Entries supplied:
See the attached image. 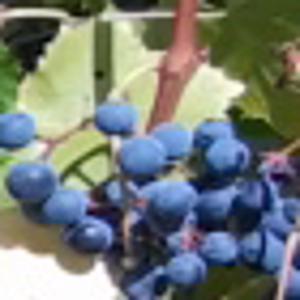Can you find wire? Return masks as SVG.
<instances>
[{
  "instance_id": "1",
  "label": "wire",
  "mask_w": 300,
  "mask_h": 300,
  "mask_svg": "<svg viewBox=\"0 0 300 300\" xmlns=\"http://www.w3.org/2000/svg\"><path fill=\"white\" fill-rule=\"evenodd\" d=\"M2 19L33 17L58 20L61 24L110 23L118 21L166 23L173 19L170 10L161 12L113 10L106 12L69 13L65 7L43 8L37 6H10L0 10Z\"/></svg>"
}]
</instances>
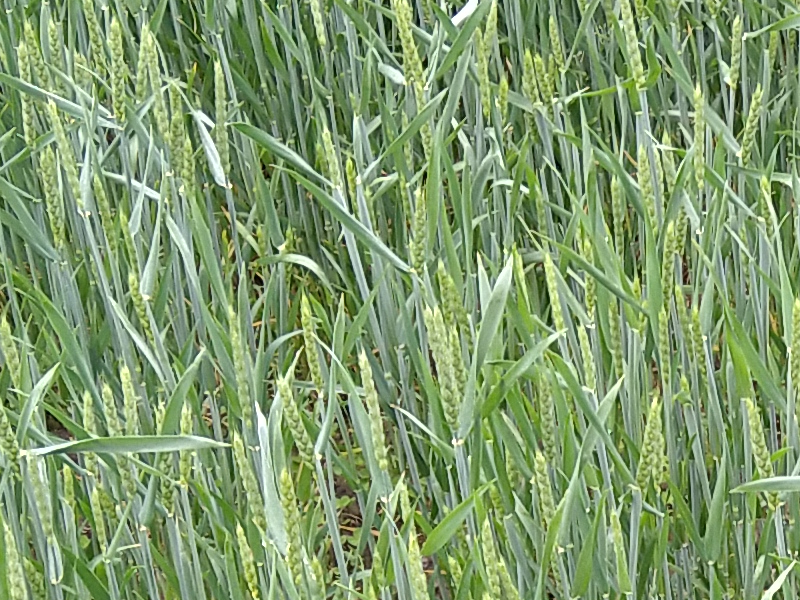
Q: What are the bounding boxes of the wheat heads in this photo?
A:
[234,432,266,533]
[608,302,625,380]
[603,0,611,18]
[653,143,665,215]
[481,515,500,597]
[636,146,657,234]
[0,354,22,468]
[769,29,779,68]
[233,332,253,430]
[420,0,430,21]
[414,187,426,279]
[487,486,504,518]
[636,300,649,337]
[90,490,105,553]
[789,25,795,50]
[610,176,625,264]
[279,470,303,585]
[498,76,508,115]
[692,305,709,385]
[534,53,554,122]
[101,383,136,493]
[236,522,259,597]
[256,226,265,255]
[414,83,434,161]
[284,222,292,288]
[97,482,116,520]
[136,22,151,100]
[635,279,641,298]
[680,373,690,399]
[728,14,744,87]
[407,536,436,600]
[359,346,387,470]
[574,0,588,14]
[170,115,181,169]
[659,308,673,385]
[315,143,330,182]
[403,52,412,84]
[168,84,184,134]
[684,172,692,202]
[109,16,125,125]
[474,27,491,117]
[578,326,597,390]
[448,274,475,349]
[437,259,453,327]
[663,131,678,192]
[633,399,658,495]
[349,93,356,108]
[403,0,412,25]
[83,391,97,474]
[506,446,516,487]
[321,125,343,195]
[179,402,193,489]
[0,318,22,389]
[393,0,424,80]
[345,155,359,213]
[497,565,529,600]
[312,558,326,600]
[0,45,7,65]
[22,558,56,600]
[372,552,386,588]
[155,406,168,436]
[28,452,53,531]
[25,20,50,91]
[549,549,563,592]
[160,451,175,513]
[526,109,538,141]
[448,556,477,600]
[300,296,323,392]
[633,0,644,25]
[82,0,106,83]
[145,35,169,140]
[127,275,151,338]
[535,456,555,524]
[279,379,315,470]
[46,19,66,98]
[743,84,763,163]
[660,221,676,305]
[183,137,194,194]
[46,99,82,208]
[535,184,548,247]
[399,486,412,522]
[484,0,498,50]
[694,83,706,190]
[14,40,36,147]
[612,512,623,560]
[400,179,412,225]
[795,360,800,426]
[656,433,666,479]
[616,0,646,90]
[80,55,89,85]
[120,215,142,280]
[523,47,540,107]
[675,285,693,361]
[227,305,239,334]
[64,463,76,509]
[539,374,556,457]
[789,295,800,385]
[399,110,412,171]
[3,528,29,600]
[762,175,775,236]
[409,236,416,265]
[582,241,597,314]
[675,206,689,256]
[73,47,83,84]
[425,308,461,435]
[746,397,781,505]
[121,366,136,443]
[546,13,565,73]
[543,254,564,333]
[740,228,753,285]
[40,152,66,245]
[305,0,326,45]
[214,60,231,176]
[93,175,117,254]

Work task:
Exactly as written, give the line containing "Q: What are" and all remaining lines of the records.

Response box:
Q: What are the bounding boxes of the wheat heads in this photo?
A:
[234,432,266,533]
[608,302,625,380]
[603,0,611,18]
[653,143,665,215]
[481,515,500,597]
[636,146,657,234]
[0,354,22,468]
[769,29,779,68]
[233,332,253,430]
[420,0,430,21]
[414,187,426,279]
[487,486,504,518]
[636,300,649,337]
[90,490,105,553]
[789,25,795,50]
[610,176,625,264]
[279,470,303,585]
[498,76,508,115]
[692,305,709,385]
[534,53,554,122]
[101,383,136,493]
[236,522,259,597]
[256,226,265,255]
[414,83,434,161]
[284,222,292,288]
[97,482,116,520]
[136,22,151,100]
[635,279,641,298]
[680,373,690,399]
[728,14,744,87]
[407,536,436,600]
[359,346,387,470]
[574,0,588,14]
[170,115,181,169]
[659,308,673,385]
[315,143,330,182]
[403,52,412,84]
[168,84,184,134]
[684,172,692,202]
[109,16,125,125]
[474,27,491,117]
[578,326,597,390]
[448,274,475,349]
[437,259,453,327]
[663,131,678,192]
[633,399,658,495]
[349,93,356,108]
[403,0,412,25]
[83,391,97,474]
[506,446,516,487]
[321,125,343,195]
[179,402,193,489]
[0,318,22,389]
[393,0,424,80]
[345,155,359,213]
[497,565,529,600]
[312,558,326,600]
[0,45,7,65]
[22,558,56,600]
[372,552,386,588]
[155,406,168,436]
[28,452,53,531]
[25,20,50,91]
[549,549,563,592]
[160,451,175,513]
[526,109,538,141]
[448,556,477,600]
[300,296,323,392]
[633,0,644,25]
[82,0,106,83]
[145,35,169,140]
[127,275,151,338]
[535,456,555,524]
[279,379,315,470]
[46,19,66,98]
[743,84,763,163]
[660,221,676,305]
[183,137,194,194]
[46,99,82,208]
[535,184,548,247]
[399,486,412,522]
[484,0,498,50]
[694,83,706,190]
[14,40,36,147]
[612,512,623,560]
[400,179,412,225]
[795,360,800,426]
[656,433,666,479]
[616,0,646,90]
[80,55,89,85]
[120,215,142,280]
[523,47,540,107]
[675,285,693,361]
[227,305,239,334]
[64,463,76,509]
[539,374,556,457]
[789,295,800,385]
[399,110,412,171]
[3,528,29,600]
[762,175,775,236]
[409,236,416,265]
[582,241,597,314]
[675,206,689,256]
[73,47,83,84]
[425,308,461,435]
[746,397,781,505]
[121,366,136,443]
[546,13,565,73]
[543,254,564,333]
[740,228,753,285]
[40,152,66,245]
[305,0,326,45]
[214,60,231,176]
[93,175,117,254]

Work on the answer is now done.